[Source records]

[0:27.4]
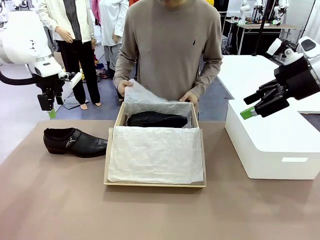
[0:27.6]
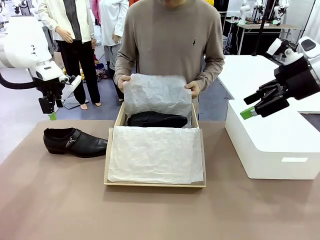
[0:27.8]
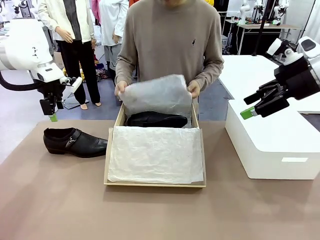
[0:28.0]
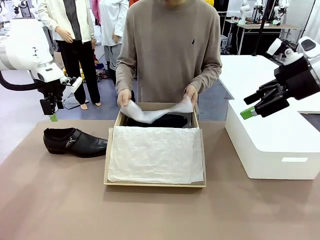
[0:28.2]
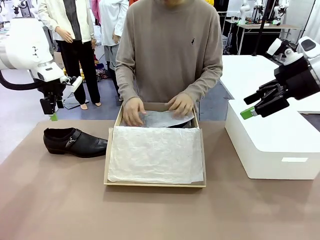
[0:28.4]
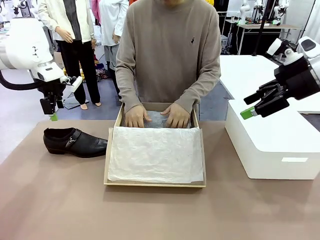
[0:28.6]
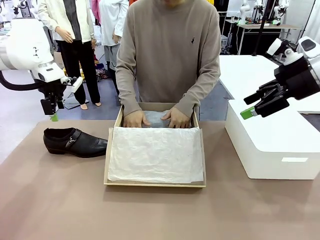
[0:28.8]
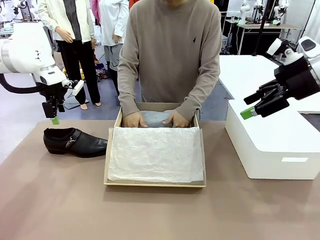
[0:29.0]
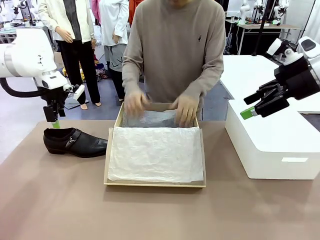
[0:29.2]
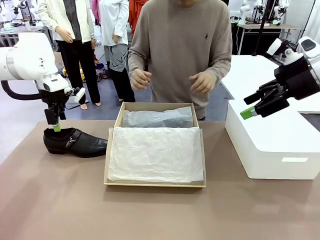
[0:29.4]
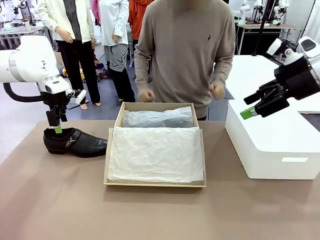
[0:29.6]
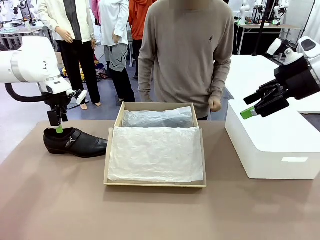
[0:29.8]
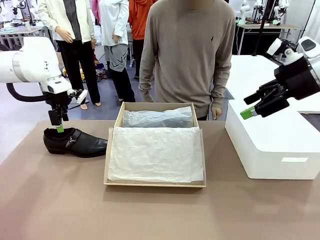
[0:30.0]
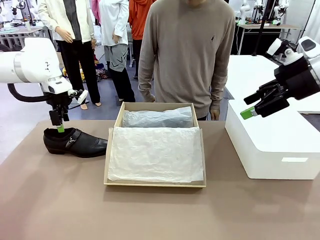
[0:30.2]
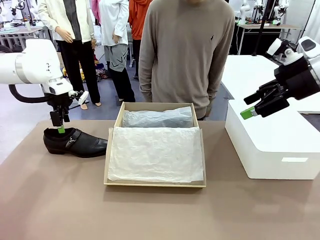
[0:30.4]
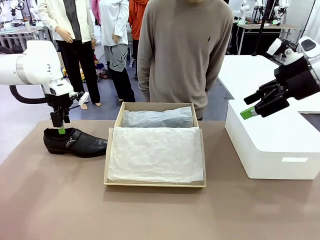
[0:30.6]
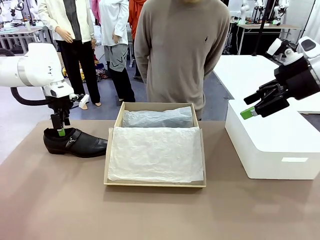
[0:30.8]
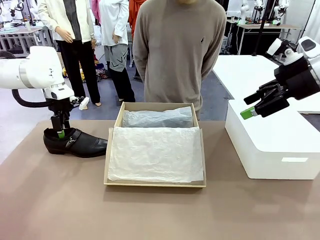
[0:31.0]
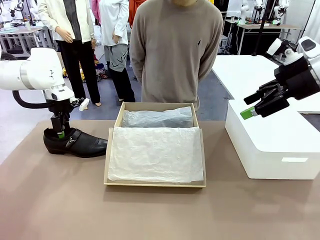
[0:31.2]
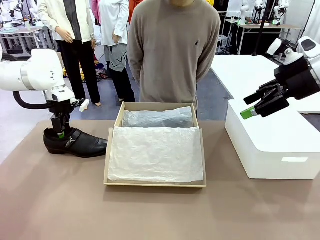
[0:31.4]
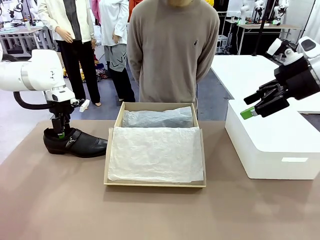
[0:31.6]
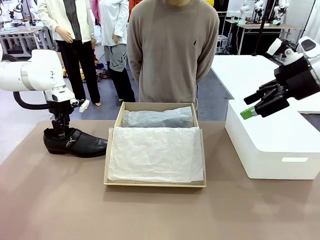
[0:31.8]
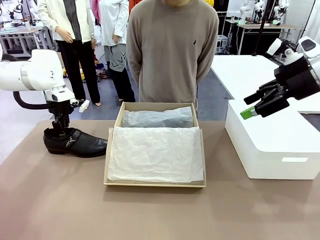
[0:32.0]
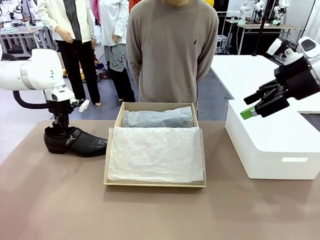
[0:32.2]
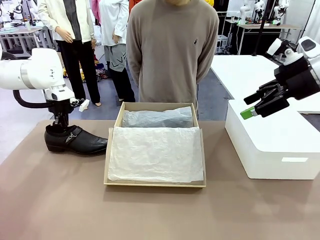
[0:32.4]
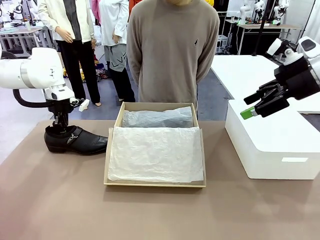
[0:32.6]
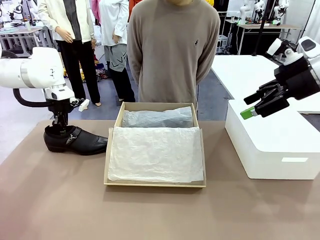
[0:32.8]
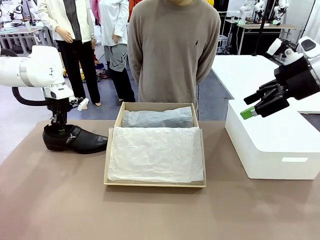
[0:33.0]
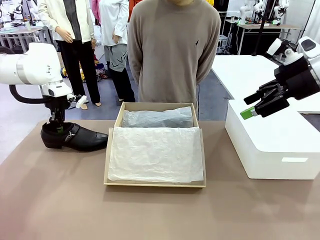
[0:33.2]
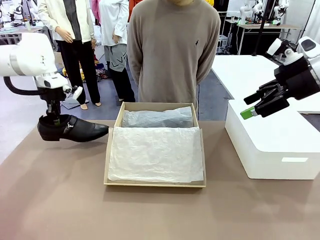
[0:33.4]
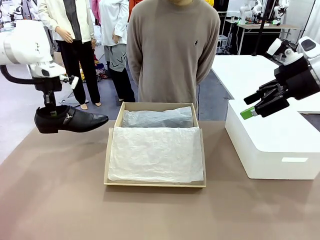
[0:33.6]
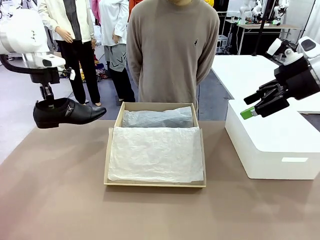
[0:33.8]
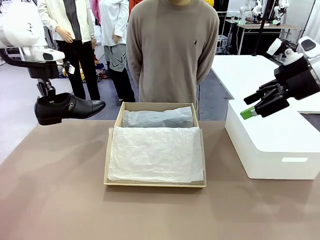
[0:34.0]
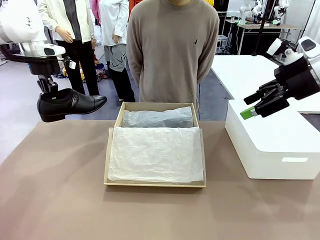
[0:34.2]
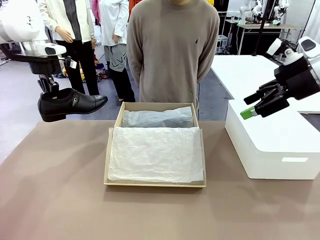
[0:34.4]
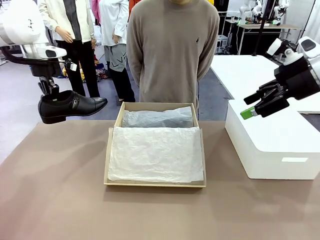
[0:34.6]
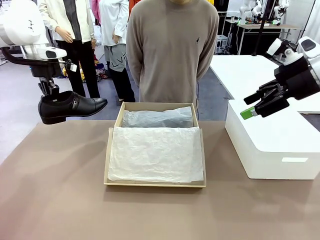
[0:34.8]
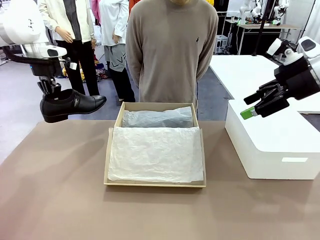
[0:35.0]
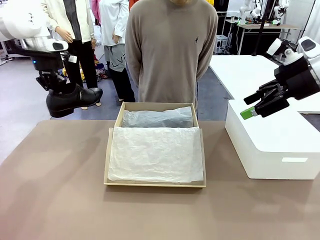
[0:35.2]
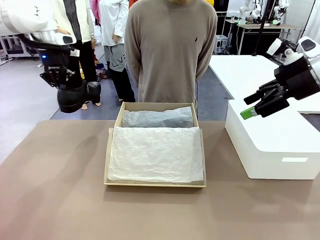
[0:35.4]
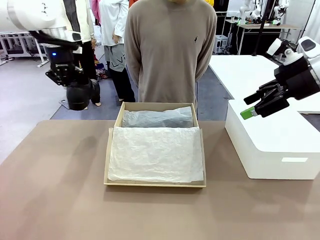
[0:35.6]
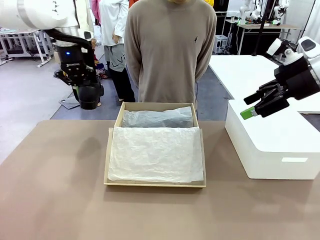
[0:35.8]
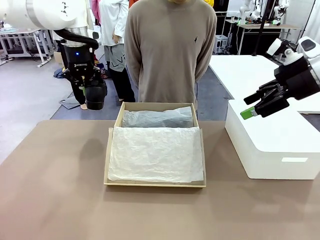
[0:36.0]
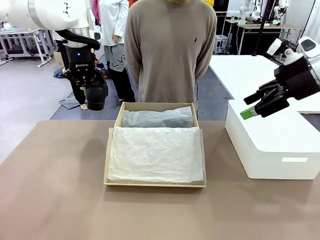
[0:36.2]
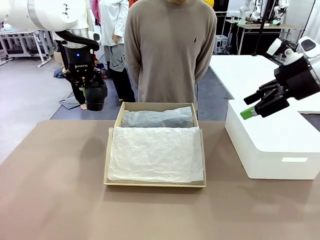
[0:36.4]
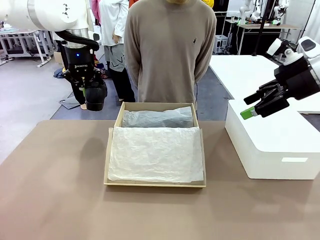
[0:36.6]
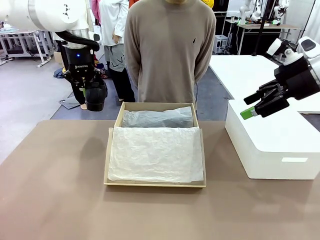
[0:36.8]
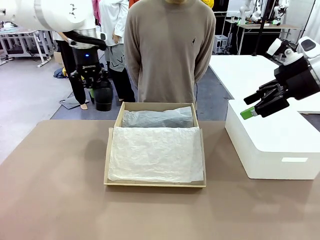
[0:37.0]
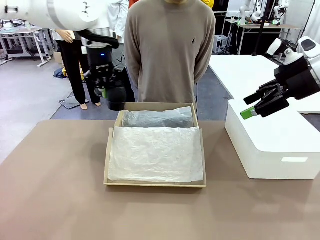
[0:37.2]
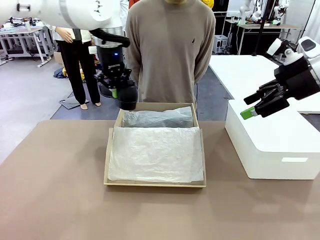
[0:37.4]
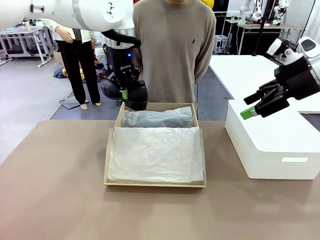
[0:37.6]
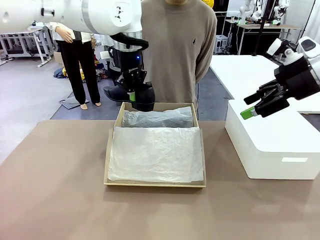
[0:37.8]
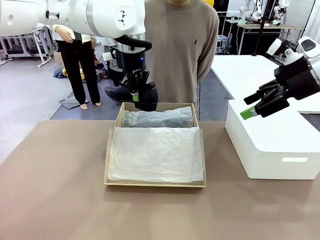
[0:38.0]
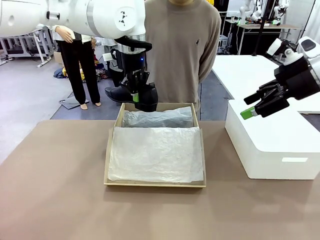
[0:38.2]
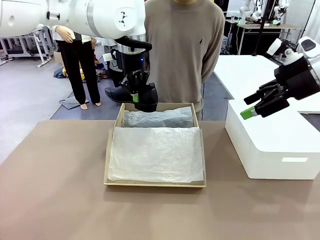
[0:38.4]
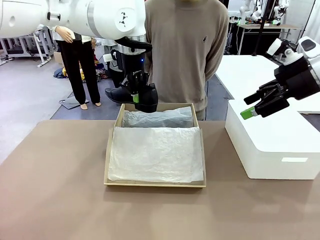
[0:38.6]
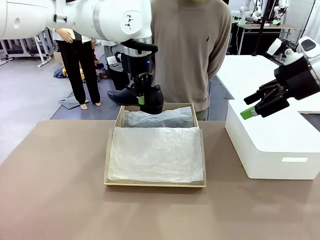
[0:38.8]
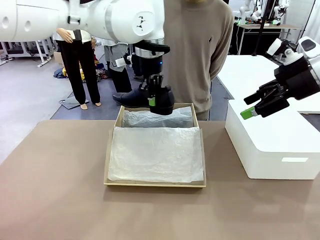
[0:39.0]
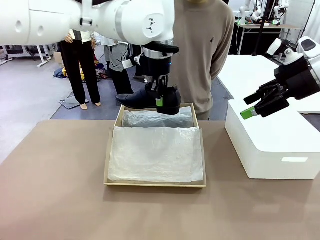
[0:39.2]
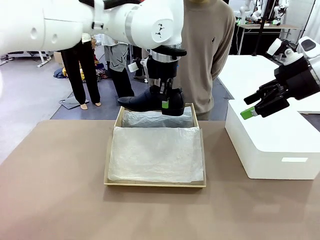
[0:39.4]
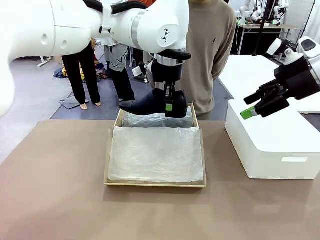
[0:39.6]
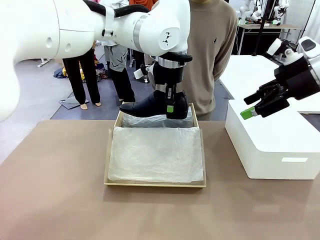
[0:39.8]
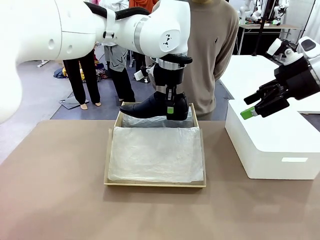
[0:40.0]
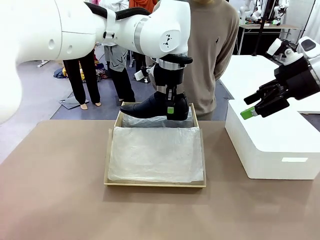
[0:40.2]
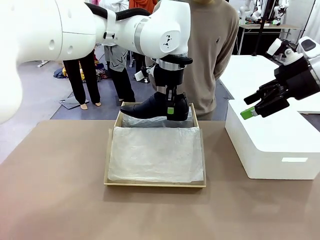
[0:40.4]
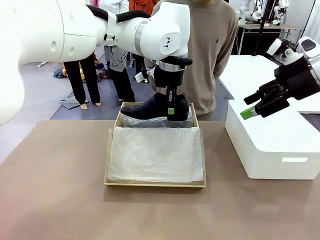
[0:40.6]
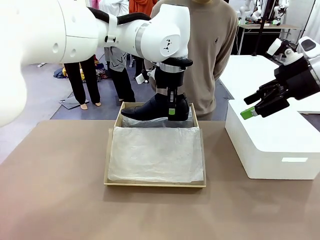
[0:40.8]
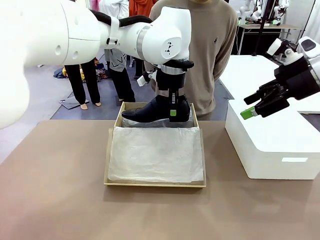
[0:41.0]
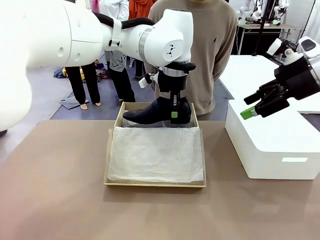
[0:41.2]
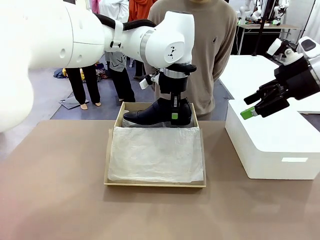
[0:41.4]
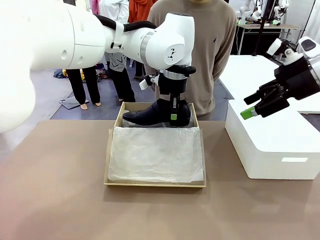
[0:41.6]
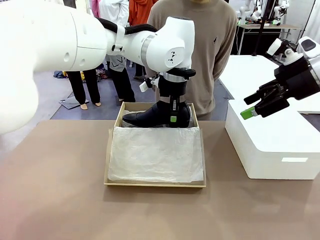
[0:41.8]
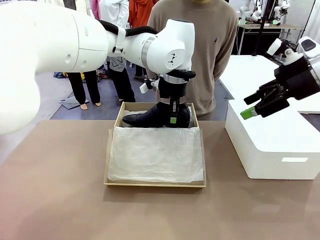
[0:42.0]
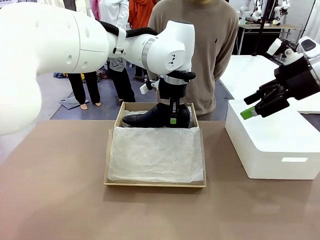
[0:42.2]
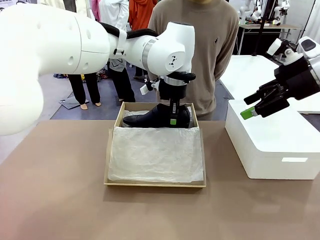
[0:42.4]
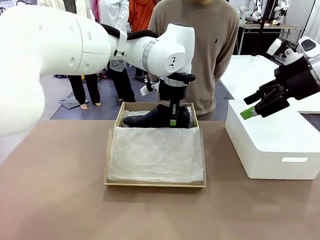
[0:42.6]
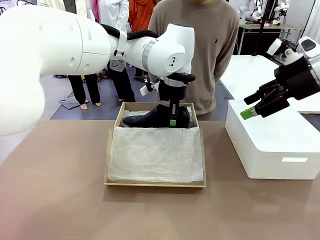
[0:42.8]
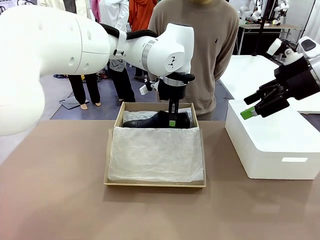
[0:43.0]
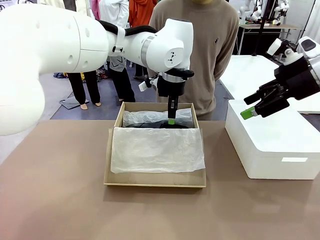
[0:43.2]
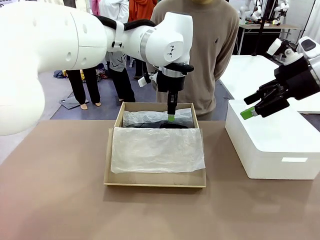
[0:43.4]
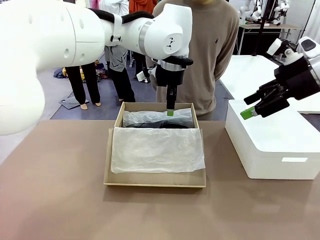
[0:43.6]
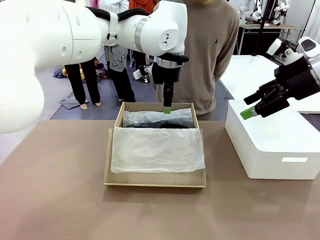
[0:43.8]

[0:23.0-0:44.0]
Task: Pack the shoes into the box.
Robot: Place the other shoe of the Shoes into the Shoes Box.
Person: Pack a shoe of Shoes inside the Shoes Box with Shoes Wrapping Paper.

* TASK TO CARRY OUT *
Omit the images and transcribe all of the records above word for word.

* THE COMPLETED TASK *
[0:27.4]
[0:27.6]
[0:27.8]
[0:28.0]
[0:28.2]
[0:28.4]
[0:28.6]
[0:28.8]
[0:29.0]
[0:29.2]
[0:29.4]
[0:29.6]
[0:29.8]
[0:30.0]
[0:30.2]
[0:30.4]
[0:30.6]
[0:30.8]
[0:31.0]
[0:31.2]
[0:31.4]
[0:31.6]
[0:31.8]
[0:32.0]
[0:32.2]
[0:32.4]
[0:32.6]
[0:32.8]
[0:33.0]
[0:33.2]
[0:33.4]
[0:33.6]
[0:33.8]
[0:34.0]
[0:34.2]
[0:34.4]
[0:34.6]
[0:34.8]
[0:35.0]
[0:35.2]
[0:35.4]
[0:35.6]
[0:35.8]
[0:36.0]
[0:36.2]
[0:36.4]
[0:36.6]
[0:36.8]
[0:37.0]
[0:37.2]
[0:37.4]
[0:37.6]
[0:37.8]
[0:38.0]
[0:38.2]
[0:38.4]
[0:38.6]
[0:38.8]
[0:39.0]
[0:39.2]
[0:39.4]
[0:39.6]
[0:39.8]
[0:40.0]
[0:40.2]
[0:40.4]
[0:40.6]
[0:40.8]
[0:41.0]
[0:41.2]
[0:41.4]
[0:41.6]
[0:41.8]
[0:42.0]
[0:42.2]
[0:42.4]
[0:42.6]
[0:42.8]
[0:43.0]
[0:43.2]
[0:43.4]
[0:43.6]
[0:43.8]

[0:23.0-0:44.0]
Task: Pack the shoes into the box.
Robot: Place the other shoe of the Shoes into the Shoes Box.
Person: Pack a shoe of Shoes inside the Shoes Box with Shoes Wrapping Paper.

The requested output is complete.